= Karl Kurz =

Austrian footballer and manager

Karl Kurz (born 21 November 1898; died 26 November 1933 in Basel, Switzerland) was an Austrian football player and manager. He played 32 games for the Austrian national side, first playing about 1919.

==Playing career==
===Club===
Kurz played mostly as a winger but by the end of his career he had been deployed as a central midfielder on occasions. Slight in stature, his preferences lay in the ball control, the game overview and the positional play.

He began playing football as a pupil at Klosterneuburg drill ground and eventually played for the Vienna school boys' team and the youth team at First Vienna FC where he played alongside Victor Hierländer and Karl Jiszda.
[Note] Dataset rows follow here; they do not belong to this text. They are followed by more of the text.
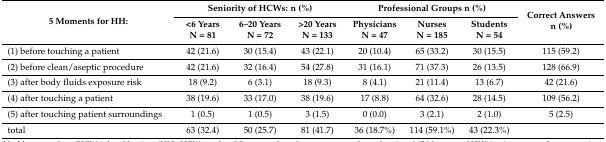
<table><thead><tr><td rowspan="2"><b>5 Moments for HH:</b></td><td colspan="3"><b>Seniority of HCWs: n (%)</b></td><td colspan="3"><b>Professional Groups n (%)</b></td><td rowspan="2"><b>Correct Answers n (%)</b></td></tr><tr><td><b>&lt;6 YearsN = 81</b></td><td><b>6–20 YearsN = 72</b></td><td><b>&gt;20 YearsN = 133</b></td><td><b>PhysiciansN = 47</b></td><td><b>NursesN = 185</b></td><td><b>StudentsN = 54</b></td></tr></thead><tbody><tr><td>(1) before touching a patient</td><td>42 (21.6)</td><td>30 (15.4)</td><td>43 (22.1)</td><td>20 (10.4)</td><td>65 (33.2)</td><td>30 (15.5)</td><td>115 (59.2)</td></tr><tr><td>(2) before clean/aseptic procedure</td><td>42 (21.6)</td><td>32 (16.4)</td><td>54 (27.8)</td><td>31 (16.1)</td><td>71 (37.3)</td><td>26 (13.5)</td><td>128 (66.9)</td></tr><tr><td>(3) after body fluids exposure risk</td><td>18 (9.2)</td><td>6 (3.1)</td><td>18 (9.3)</td><td>8 (4.1)</td><td>21 (11.4)</td><td>13 (6.7)</td><td>42 (21.6)</td></tr><tr><td>(4) after touching a patient</td><td>38 (19.6)</td><td>33 (17.0)</td><td>38 (19.6)</td><td>17 (8.8)</td><td>64 (32.6)</td><td>28 (14.5)</td><td>109 (56.2)</td></tr><tr><td>(5) after touching patient surroundings</td><td>1 (0.5)</td><td>1 (0.5)</td><td>3 (1.5)</td><td>0 (0.0)</td><td>3 (2.1)</td><td>2 (1.0)</td><td>5 (2.5)</td></tr><tr><td>total</td><td>63 (32.4)</td><td>50 (25.7)</td><td>81 (41.7)</td><td>36 (18.7%)</td><td>114 (59.1%)</td><td>43 (22.3%)</td><td></td></tr></tbody></table>
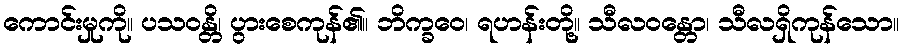
ကောင်းမှုကို။ ပသဝန္တိ၊ ပွားစေကုန်၏။ ဘိက္ခဝေ၊ ရဟန်းတို့။ သီလဝန္တော၊ သီလရှိကုန်သော။
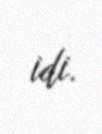
idi.

In 1915, he began playing for Floridsdorfer Amateurs but after just three games he joined the Austrian Army and in May 1916 he was sent into battle during World War I. He returned from the war wounded in 1917 and began playing with FK Austria Wien after his recovery, and helped them finish league runners up in 1920.
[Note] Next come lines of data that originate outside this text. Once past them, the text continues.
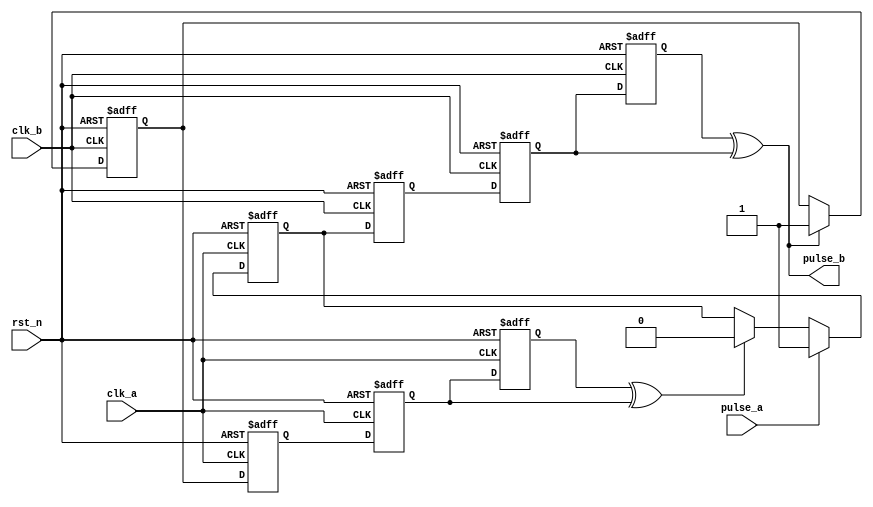
//by cym
//on 2021-07-18

module cdc_pulse(
	input clk_a,
	input clk_b,
	input rst_n,

	input pulse_a,

	output pulse_b
);


//intra regs or wires
reg signal_a;
reg signal_a_ff1;
reg signal_a_ff2;

reg signal_b;

reg ack_b;
reg ack_b_ff1;
reg ack_b_ff2;

reg ack_a_ff;

wire pulse_ack_a;
// 1.pulse to toggle, consider the ack from clk_b;
always @(posedge clk_a, negedge rst_n) begin
	if(!rst_n)
		signal_a <= 1'b0;
	else if(pulse_a) 
		signal_a <= 1'b1;
	else if(pulse_ack_a)
		signal_a <= 1'b0;
	else signal_a <= signal_a;
end


// 2.sync to clk domain of clk_b;
always @(posedge clk_b, negedge rst_n) begin
	if(!rst_n) begin
		signal_a_ff1 <= 1'b0;
		signal_a_ff2 <= 1'b0;
	end
	else begin
		signal_a_ff1 <= signal_a;
		signal_a_ff2 <= signal_a_ff1;
	end 

end


// 3. gen pulse under clk_b;
always @(posedge clk_b, negedge rst_n) begin
	if(!rst_n) begin
		signal_b <= 1'b0;
	end
	else signal_b <= signal_a_ff2;	
end

assign pulse_b = signal_b ^ signal_a_ff2;

//4. pulse to toogle
always @(posedge clk_b, negedge rst_n) begin
	if(!rst_n)
		ack_b <= 1'b0;
	else if(pulse_b) 
		ack_b <= 1'b1;
	else ack_b <= ack_b;
end
// 5. sync the signal ack to clk_a;
always @(posedge clk_a, negedge rst_n) begin
	if(!rst_n) begin
		ack_b_ff1 <= 1'b0;
		ack_b_ff2 <= 1'b0;
	end
	else begin
		ack_b_ff1 <= ack_b;
		ack_b_ff2 <= ack_b_ff1;
	end 

end

//6. toogle to pulse

always @(posedge clk_a, negedge rst_n) begin
	if(!rst_n) begin
		ack_a_ff <= 1'b0;
	end
	else ack_a_ff <= ack_b_ff2;	
end

assign pulse_ack_a = ack_a_ff ^ ack_b_ff2;
endmodule

In 1921, he moved to Ridge Vienna FC where he finished league runner up twice more. He then signed for 1 more season with 1. Simmeringer SC and retired in March 1927 to work as a coach in Latvia. However, he returned to Vienna in October of that year to play amateur football but had to retire in Winter 1928 due to an illness that would later turn out to be leukaemia.

===International===
Kurz's first international appearance for Austria came in November 1919 against Hungary. From 1921 until 1926, he played as Austria's right winger in every fixture. His last game for Austria was against Italy in November 1928. He earned 32 caps for Austria and 15 for the Vienna Select XI.

==Coaching career==
After a short spell as a coach in Latvia in 1927, Kurz's next coaching roll was as assistant manager to Robert Lang at FK Austria Wien in 1929. In 1930, he became manager of FC Grenchen in Switzerland and then FC Basel in 1931. With Basel in the season 1932–33, he won the Schweizer Cup with three fellow Austrians, Ferdinand Wesely, Josef Chloupek and Otto Haftl, in the team.

==Death==
He died on 26 November 1933 in Basel when his leukaemia worsened. He was 35 years old.